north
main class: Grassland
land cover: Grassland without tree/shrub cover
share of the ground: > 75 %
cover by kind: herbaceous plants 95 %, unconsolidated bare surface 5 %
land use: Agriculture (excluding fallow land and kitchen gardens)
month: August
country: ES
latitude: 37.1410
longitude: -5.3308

ASSIGNMENT
Each record above should be given again exactly as it appears.

TASK RESULT
north
main class: Grassland
land cover: Grassland without tree/shrub cover
share of the ground: > 75 %
cover by kind: herbaceous plants 95 %, unconsolidated bare surface 5 %
land use: Agriculture (excluding fallow land and kitchen gardens)
month: August
country: ES
latitude: 37.1410
longitude: -5.3308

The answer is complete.